- _Directions for this task_: Within the data below, find the string "format" and return each line where it occurs.

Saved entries
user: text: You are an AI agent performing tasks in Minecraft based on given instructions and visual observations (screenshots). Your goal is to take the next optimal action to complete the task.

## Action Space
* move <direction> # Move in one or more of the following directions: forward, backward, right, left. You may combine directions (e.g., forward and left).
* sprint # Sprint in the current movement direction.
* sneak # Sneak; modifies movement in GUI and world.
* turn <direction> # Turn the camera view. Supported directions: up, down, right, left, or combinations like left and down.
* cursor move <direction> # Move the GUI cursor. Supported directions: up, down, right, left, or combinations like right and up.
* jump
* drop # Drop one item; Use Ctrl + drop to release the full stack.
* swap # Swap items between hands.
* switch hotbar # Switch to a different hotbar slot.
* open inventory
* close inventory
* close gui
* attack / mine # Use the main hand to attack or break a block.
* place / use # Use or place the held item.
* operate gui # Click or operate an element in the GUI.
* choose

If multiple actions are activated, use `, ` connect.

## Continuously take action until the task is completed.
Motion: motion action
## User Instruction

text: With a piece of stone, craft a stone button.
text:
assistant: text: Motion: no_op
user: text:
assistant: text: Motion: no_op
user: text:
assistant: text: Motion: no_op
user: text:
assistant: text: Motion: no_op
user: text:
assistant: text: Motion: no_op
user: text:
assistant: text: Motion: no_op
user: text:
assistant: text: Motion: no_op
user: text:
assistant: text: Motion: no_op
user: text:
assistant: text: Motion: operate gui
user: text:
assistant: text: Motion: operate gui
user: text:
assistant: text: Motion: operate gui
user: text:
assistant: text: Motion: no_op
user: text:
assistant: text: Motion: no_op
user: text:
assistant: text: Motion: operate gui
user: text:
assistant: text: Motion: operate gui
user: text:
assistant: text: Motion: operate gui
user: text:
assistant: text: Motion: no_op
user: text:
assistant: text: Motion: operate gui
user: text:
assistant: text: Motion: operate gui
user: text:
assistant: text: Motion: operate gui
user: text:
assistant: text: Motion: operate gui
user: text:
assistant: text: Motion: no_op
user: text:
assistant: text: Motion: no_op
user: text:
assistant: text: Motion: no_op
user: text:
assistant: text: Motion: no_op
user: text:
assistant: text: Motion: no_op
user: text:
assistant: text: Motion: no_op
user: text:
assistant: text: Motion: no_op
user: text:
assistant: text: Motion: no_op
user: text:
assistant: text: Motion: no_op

==

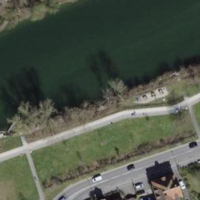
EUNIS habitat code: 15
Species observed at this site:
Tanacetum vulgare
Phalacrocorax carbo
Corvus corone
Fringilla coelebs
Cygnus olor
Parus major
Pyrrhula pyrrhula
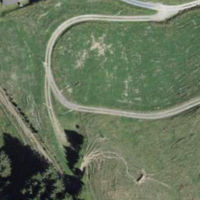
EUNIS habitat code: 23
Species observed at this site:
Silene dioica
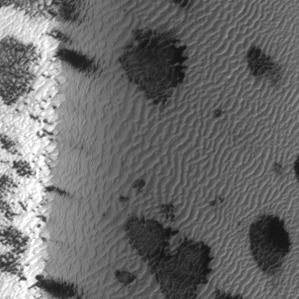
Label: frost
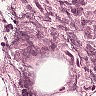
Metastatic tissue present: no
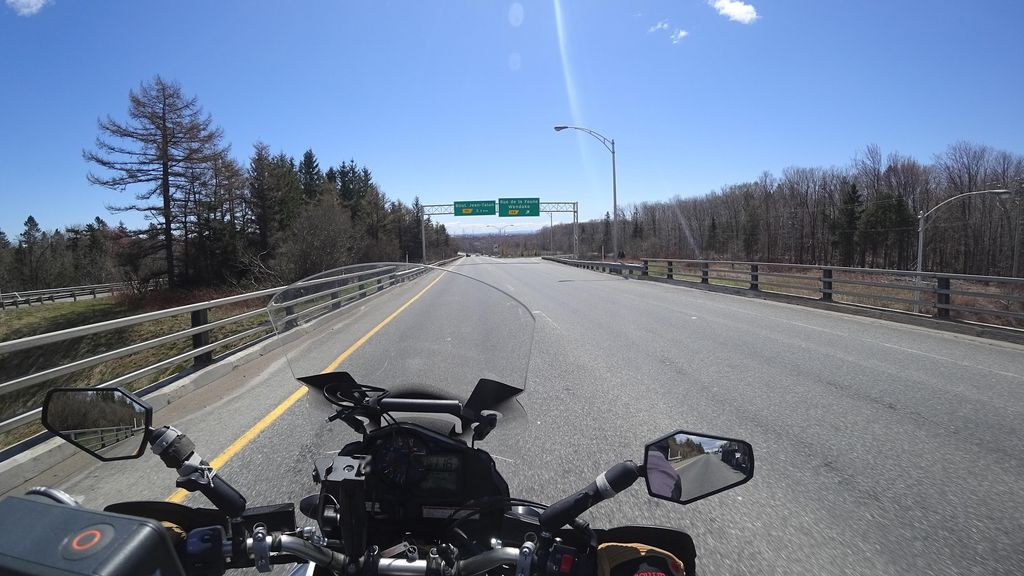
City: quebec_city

---

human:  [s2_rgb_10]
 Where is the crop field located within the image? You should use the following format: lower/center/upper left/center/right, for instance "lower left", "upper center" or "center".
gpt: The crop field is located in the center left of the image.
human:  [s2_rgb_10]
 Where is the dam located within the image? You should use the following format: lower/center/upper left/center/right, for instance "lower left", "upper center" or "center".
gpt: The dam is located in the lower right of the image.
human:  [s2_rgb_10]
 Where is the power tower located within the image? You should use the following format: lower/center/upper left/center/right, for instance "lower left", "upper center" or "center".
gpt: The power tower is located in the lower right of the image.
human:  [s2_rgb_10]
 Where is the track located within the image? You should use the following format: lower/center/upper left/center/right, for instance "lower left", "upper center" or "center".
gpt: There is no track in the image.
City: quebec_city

- _Answer space_:
 Where is the crop field located within the image? You should use the following format: lower/center/upper left/center/right, for instance "lower left", "upper center" or "center".
 Where is the dam located within the image? You should use the following format: lower/center/upper left/center/right, for instance "lower left", "upper center" or "center".
 Where is the power tower located within the image? You should use the following format: lower/center/upper left/center/right, for instance "lower left", "upper center" or "center".
 Where is the track located within the image? You should use the following format: lower/center/upper left/center/right, for instance "lower left", "upper center" or "center".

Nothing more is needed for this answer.